BEGIN PROVIDED DATA
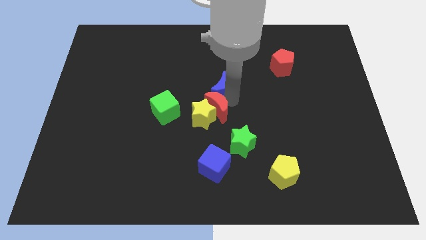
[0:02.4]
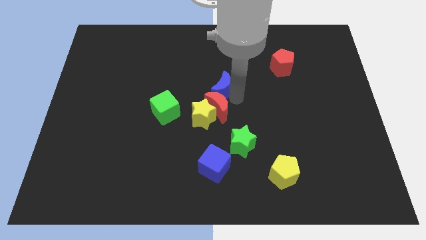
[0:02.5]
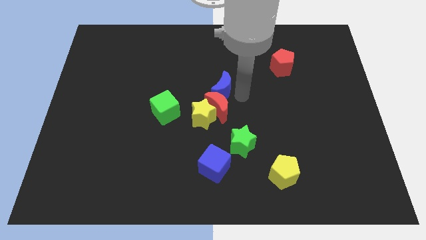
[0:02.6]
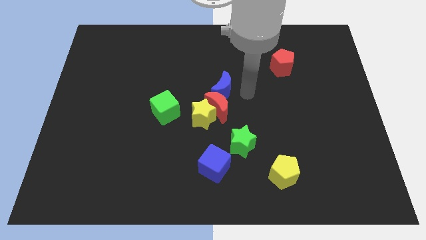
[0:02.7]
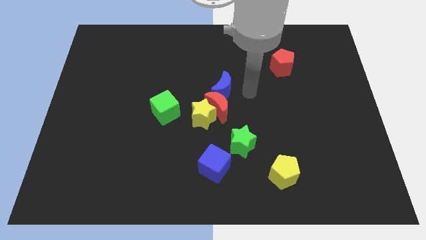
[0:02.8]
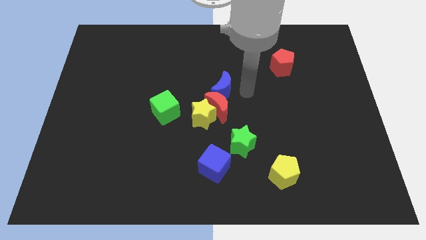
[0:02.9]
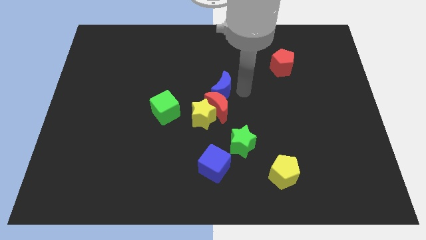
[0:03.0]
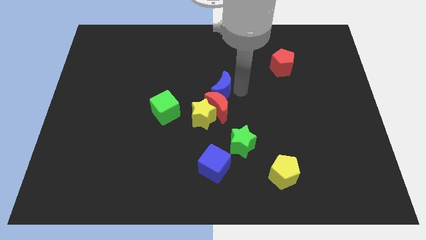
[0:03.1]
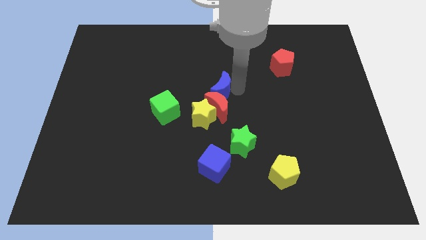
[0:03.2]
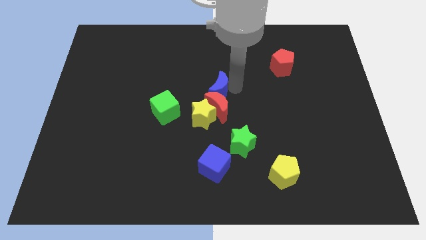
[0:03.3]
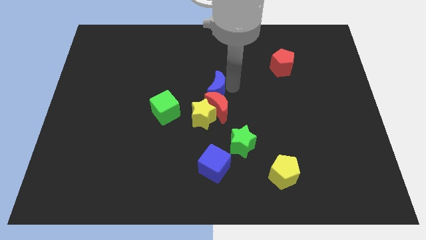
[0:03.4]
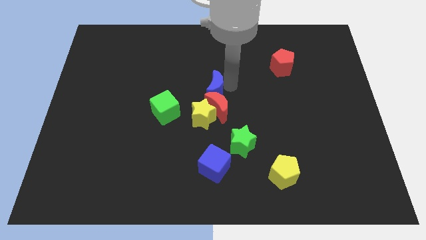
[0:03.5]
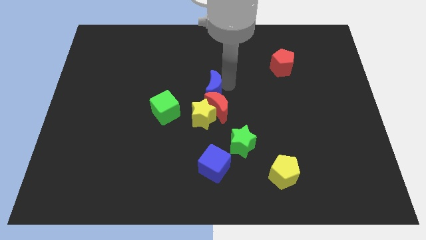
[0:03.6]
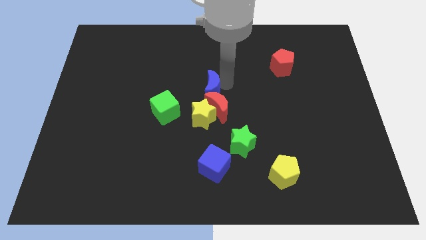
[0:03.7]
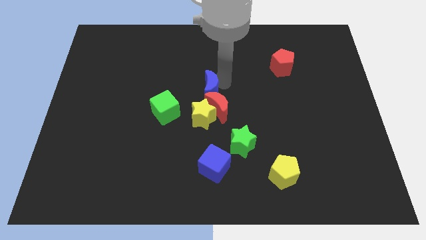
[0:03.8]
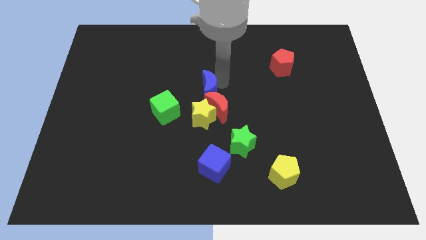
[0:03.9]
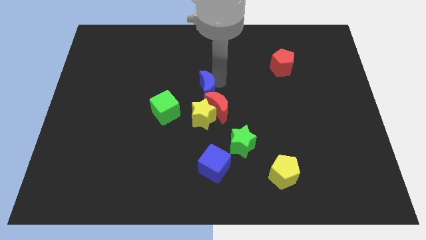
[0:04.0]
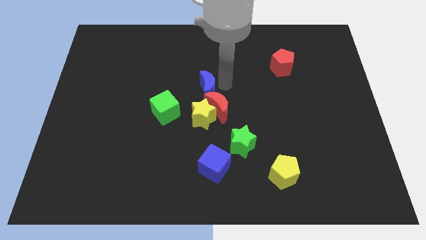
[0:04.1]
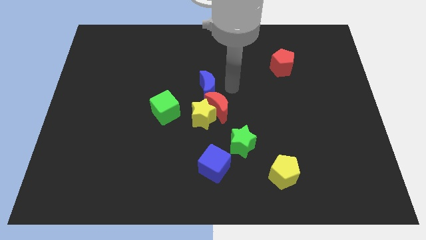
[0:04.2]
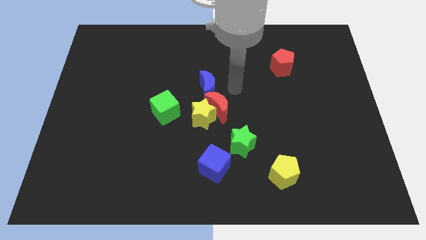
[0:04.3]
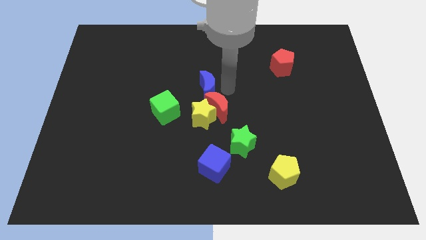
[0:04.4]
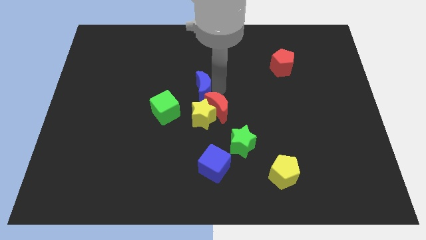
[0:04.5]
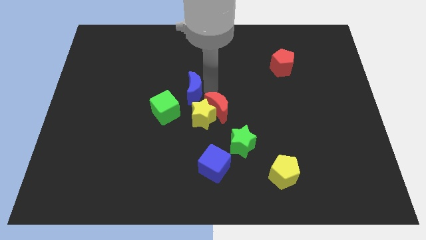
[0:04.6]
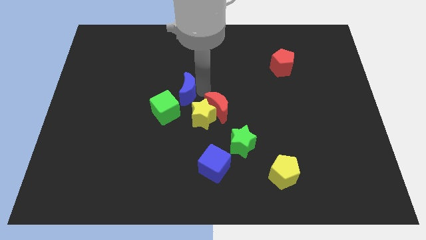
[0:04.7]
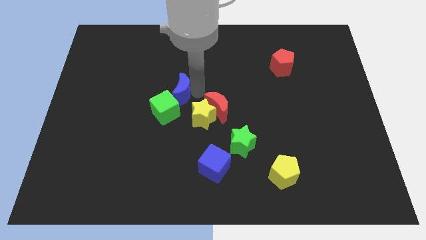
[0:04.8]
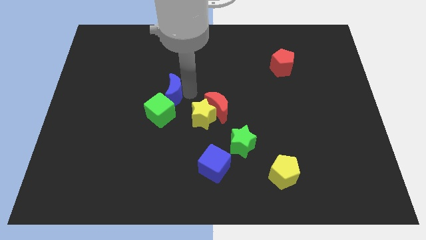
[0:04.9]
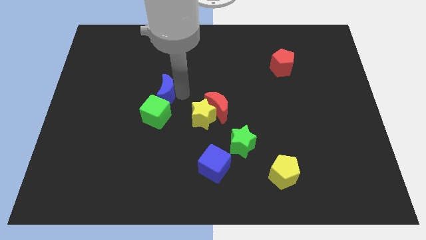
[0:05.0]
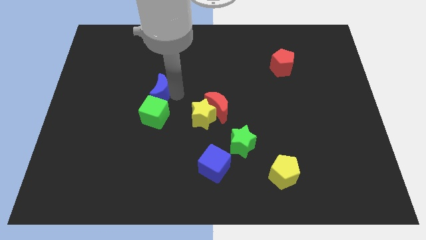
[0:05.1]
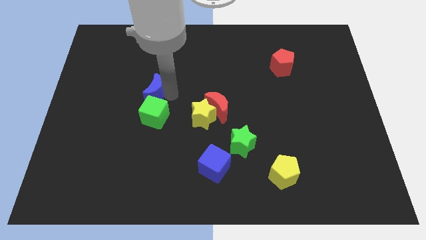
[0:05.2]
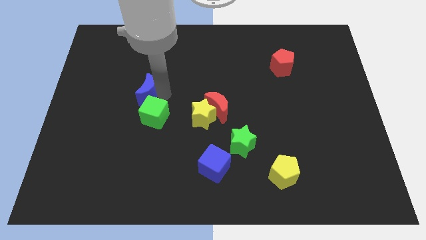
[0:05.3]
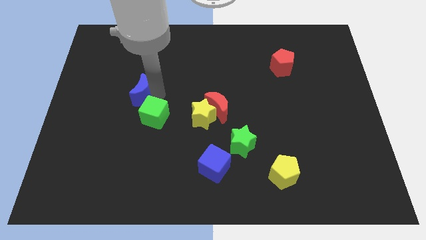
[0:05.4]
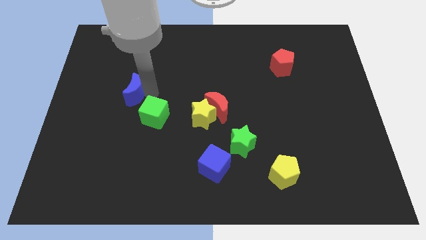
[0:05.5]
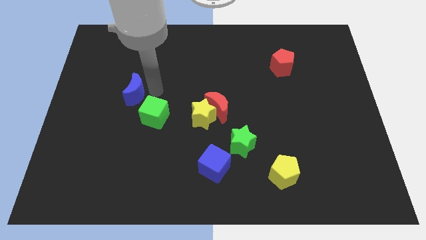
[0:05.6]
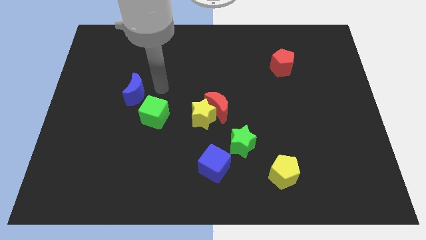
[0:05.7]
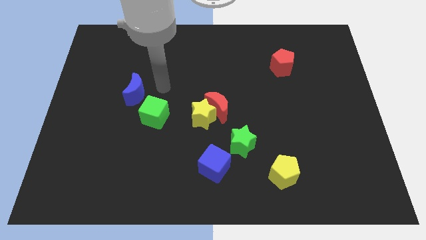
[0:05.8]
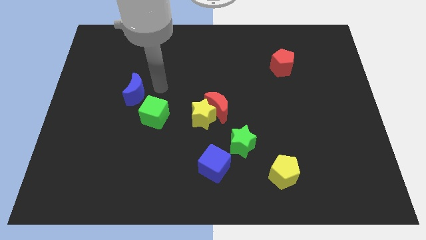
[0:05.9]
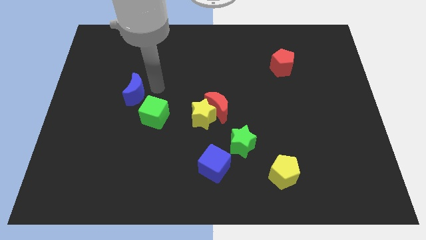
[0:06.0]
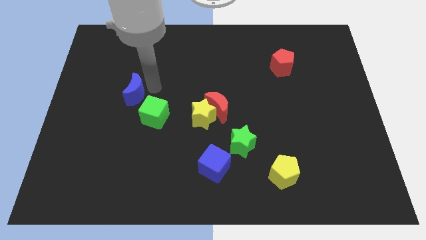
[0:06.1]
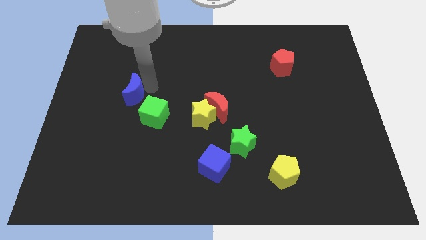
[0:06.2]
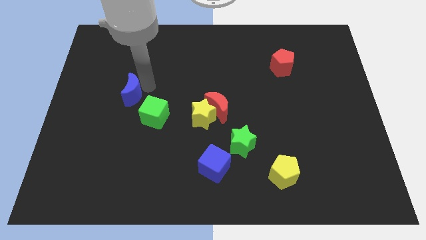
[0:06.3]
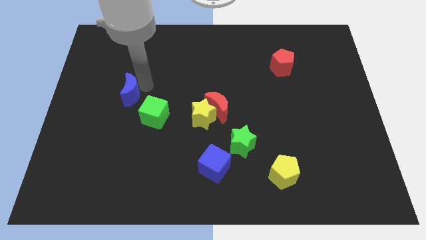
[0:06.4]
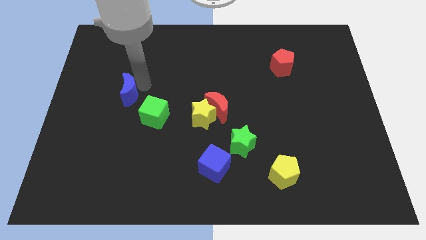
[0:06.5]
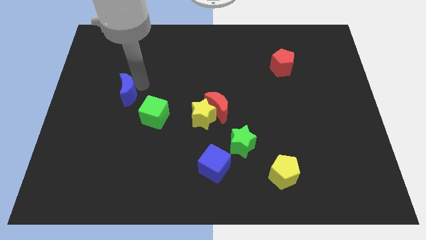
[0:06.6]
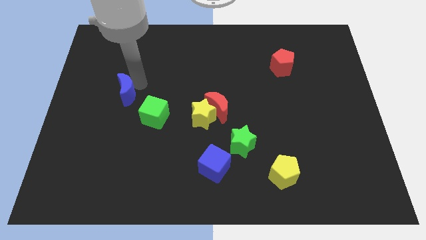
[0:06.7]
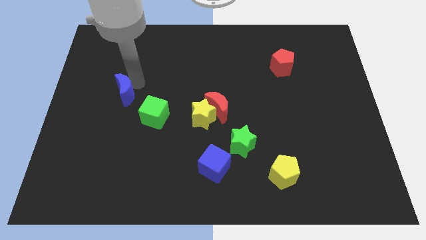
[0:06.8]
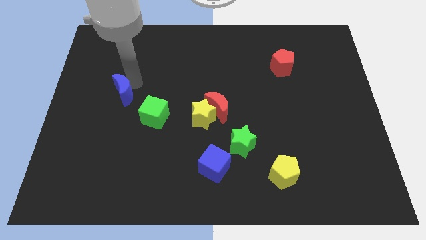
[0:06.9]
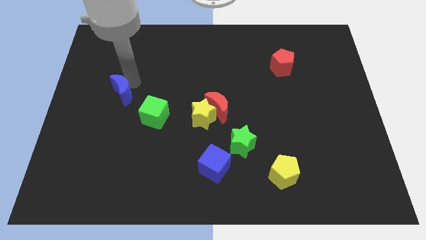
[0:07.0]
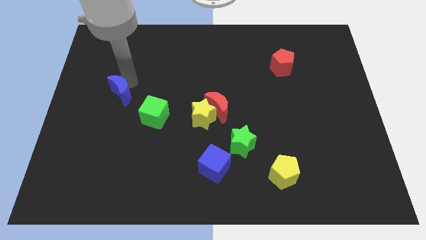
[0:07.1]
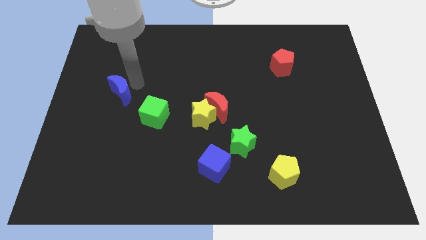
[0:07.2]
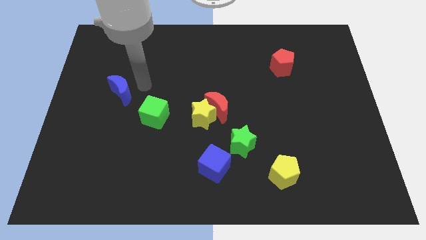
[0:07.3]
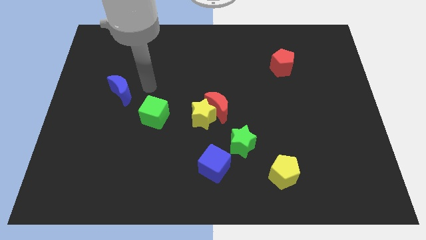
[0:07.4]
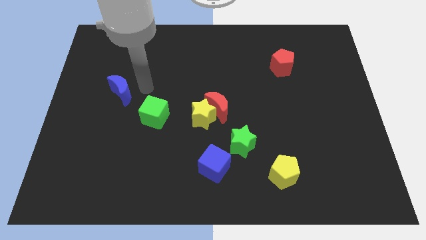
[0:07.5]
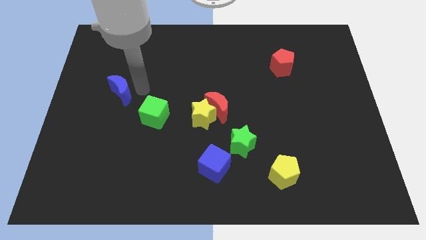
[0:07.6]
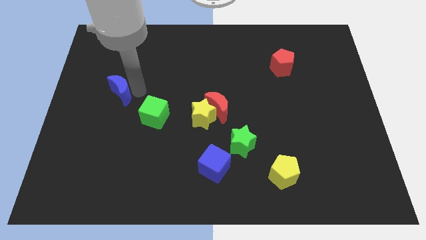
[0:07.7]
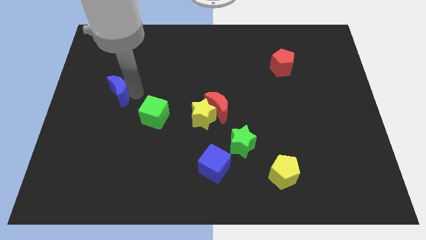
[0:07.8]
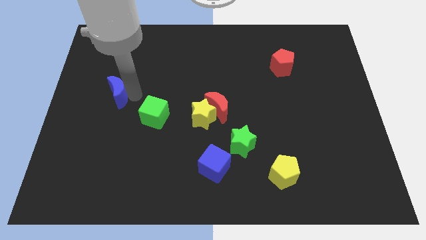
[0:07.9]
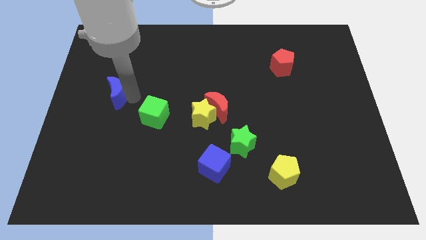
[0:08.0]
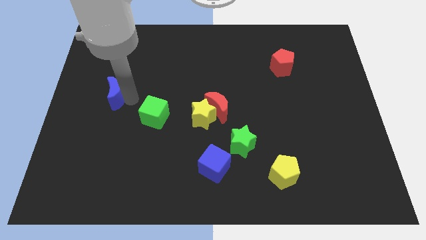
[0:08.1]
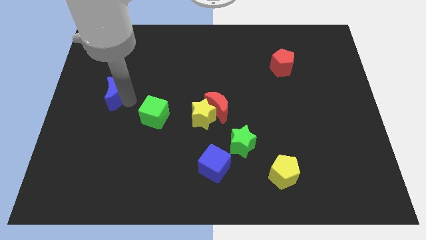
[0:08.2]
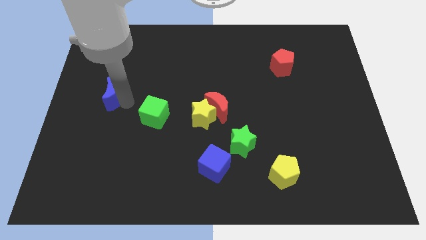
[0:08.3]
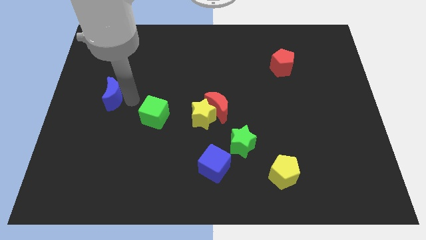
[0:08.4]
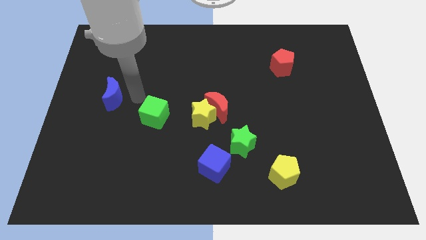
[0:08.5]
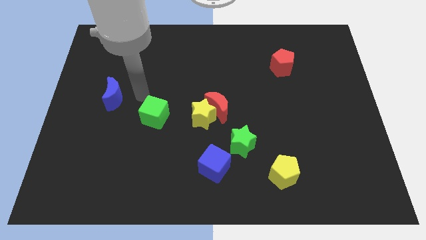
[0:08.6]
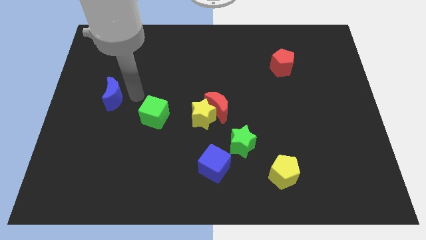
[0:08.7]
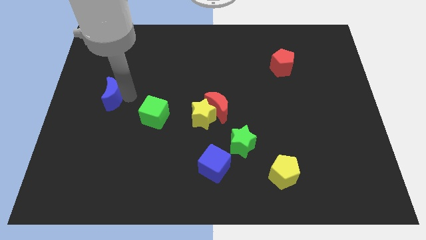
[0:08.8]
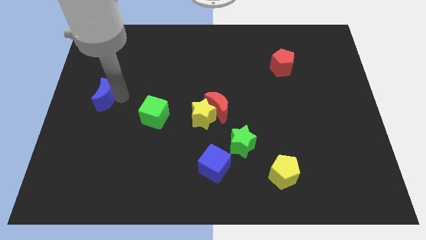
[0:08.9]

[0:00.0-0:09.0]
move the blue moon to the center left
END PROVIDED DATA
#### ABOUT THIS EXERCISE:
Return the listing unchanged except for the pictures, which should be dropped.

#### SOLUTION TO THE EXERCISE:
[0:02.4]
[0:02.5]
[0:02.6]
[0:02.7]
[0:02.8]
[0:02.9]
[0:03.0]
[0:03.1]
[0:03.2]
[0:03.3]
[0:03.4]
[0:03.5]
[0:03.6]
[0:03.7]
[0:03.8]
[0:03.9]
[0:04.0]
[0:04.1]
[0:04.2]
[0:04.3]
[0:04.4]
[0:04.5]
[0:04.6]
[0:04.7]
[0:04.8]
[0:04.9]
[0:05.0]
[0:05.1]
[0:05.2]
[0:05.3]
[0:05.4]
[0:05.5]
[0:05.6]
[0:05.7]
[0:05.8]
[0:05.9]
[0:06.0]
[0:06.1]
[0:06.2]
[0:06.3]
[0:06.4]
[0:06.5]
[0:06.6]
[0:06.7]
[0:06.8]
[0:06.9]
[0:07.0]
[0:07.1]
[0:07.2]
[0:07.3]
[0:07.4]
[0:07.5]
[0:07.6]
[0:07.7]
[0:07.8]
[0:07.9]
[0:08.0]
[0:08.1]
[0:08.2]
[0:08.3]
[0:08.4]
[0:08.5]
[0:08.6]
[0:08.7]
[0:08.8]
[0:08.9]

[0:00.0-0:09.0]
move the blue moon to the center left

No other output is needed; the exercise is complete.